◆ **Problem to work on**: Across the entries below, tally every line that holds the word "between". Give only the tally.

◆ **Exercise materials**:
---

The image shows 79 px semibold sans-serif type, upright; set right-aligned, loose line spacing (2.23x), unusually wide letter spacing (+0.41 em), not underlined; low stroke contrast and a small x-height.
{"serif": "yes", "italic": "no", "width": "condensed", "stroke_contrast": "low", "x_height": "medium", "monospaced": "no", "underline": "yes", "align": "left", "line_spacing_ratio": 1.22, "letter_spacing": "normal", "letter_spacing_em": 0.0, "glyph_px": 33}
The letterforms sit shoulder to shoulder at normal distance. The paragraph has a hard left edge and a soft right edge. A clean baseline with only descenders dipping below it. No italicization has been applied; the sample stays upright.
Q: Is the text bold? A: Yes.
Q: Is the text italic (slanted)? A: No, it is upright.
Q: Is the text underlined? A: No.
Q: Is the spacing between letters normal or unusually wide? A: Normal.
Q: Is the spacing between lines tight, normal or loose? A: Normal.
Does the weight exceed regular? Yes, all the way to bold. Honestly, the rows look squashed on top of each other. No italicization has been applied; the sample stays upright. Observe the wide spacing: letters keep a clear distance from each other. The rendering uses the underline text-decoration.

---

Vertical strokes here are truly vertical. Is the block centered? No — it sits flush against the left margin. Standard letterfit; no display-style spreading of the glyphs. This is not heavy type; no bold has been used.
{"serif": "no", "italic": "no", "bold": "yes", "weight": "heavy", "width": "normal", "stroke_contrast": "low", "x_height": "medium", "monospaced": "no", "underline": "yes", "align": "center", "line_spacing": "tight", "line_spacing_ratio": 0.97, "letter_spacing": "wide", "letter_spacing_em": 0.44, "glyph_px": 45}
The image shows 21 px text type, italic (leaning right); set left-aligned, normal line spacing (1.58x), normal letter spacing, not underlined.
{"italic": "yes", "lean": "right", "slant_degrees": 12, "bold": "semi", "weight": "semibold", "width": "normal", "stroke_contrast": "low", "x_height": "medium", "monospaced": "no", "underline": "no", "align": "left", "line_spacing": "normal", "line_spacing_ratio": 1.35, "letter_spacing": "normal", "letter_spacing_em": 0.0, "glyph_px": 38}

---

◆ **Response**: 2